|Should I ban this user agent?|
Just a few days ago, I noticed 16Mb being downloaded in about 20 minutes, the user agent was RPT-HTTPClient/0.3-3
There wasn't much information about this agent, but I did find something at:
which mentioned the behaviour of the agent to be 'naughty'. Does anyone know what this means. Is the sipder more of a web downloader or web grabber, and should be banned anyway?
If I ban the agent in robots.txt, there is no guarantee that the agent will follow the rules, is there? That is, I cannot force exclusion that way, but maybe in .htaccess?
Also, another "strange" agent, the web logs as follows:
|188.8.131.52 - - [08/Mar/2004:22:06:57 -0500] "GET /robots.txt HTTP/1.0" 200 54 "-" "http://www.almaden.ibm.com/cs/crawler [c01]" |
184.108.40.206 - - [08/Mar/2004:22:07:04 -0500] "GET /index.html HTTP/1.0" 404 - "-" "http://www.almaden.ibm.com/cs/crawler [c01]"
220.127.116.11 - - [08/Mar/2004:22:07:15 -0500] "GET /_cmdlogin?login=guest&version=enterprise HTTP/1.0" 404 - "-" "http://www.almaden.ibm.com/cs/crawler [c01]"
18.104.22.168 - - [08/Mar/2004:22:07:26 -0500] "GET /se/ HTTP/1.0" 404 - "-" "http://www.almaden.ibm.com/cs/crawler [c01]"
I did do some searching on this site, and it appears the above IP/site was indicated as something that should be banned. I can use .htaccess to ban IP addresses, but it would make more sense to ban the agent's I do not approve of, wouldn't it?

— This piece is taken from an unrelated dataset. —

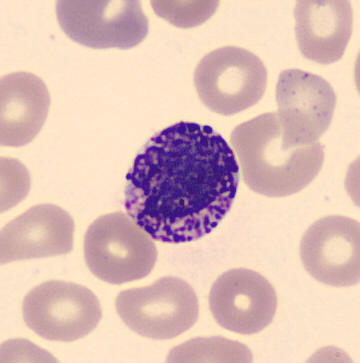

Cell type: basophilic granulocyte. Image: May Grünwald-Giemsa stain · CellaVision DM96 · peripheral blood film.
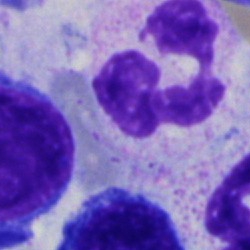 Q: What is the morphological classification of this cell?
A: Segmented neutrophil.

I can put an array of banned agents in a PHP file also, that is always executed from every page, but that may place a bit more load on the server, and possibly affect response time, I don't know.

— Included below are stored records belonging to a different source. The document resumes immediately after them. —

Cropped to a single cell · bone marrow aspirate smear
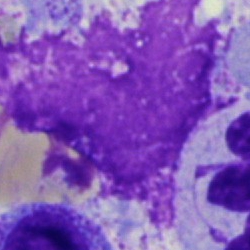
Morphology consistent with an artefact.
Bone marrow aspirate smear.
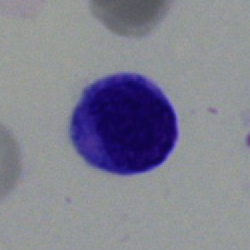 Morphological class: typical lymphocyte.
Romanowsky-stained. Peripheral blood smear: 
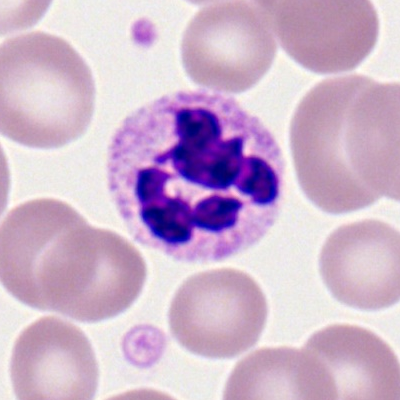Cell = neutrophil (segmented).
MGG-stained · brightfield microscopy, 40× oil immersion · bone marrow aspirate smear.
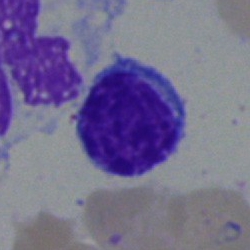 Single cell identified as a lymphocyte.
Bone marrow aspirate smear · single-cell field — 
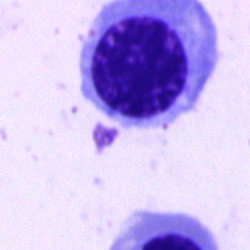 Classification: erythroblast.

Is there a "definitive" list of user agents that are banned please?
[edited by: DaveAtIFG at 4:12 am (utc) on Mar. 16, 2004]
[edit reason] Removed URL [/edit]
The Close to perfect .htaccess ban list [webmasterworld.com] is a pretty comprehensive list of "bad bots."
Thanks for the link to that (longish) thread, loads of information there alright. Btw, aren't we allowed to post URL's that are not 'webmasterworld' ones?
I wish you hadn't asked that! :) We're going way off topic and the answer isn't simple but...
|Btw, aren't we allowed to post URL's that are not 'webmasterworld' ones? |
First, review the TOS [webmasterworld.com], items 13, 20, and 25. Here are a few threads that discuss the issue.
Unfortunately there are no "hard and fast rules" that apply every time... except "Don't post URLs" and that's unrealistic. It basically comes down to a judgment call for each case.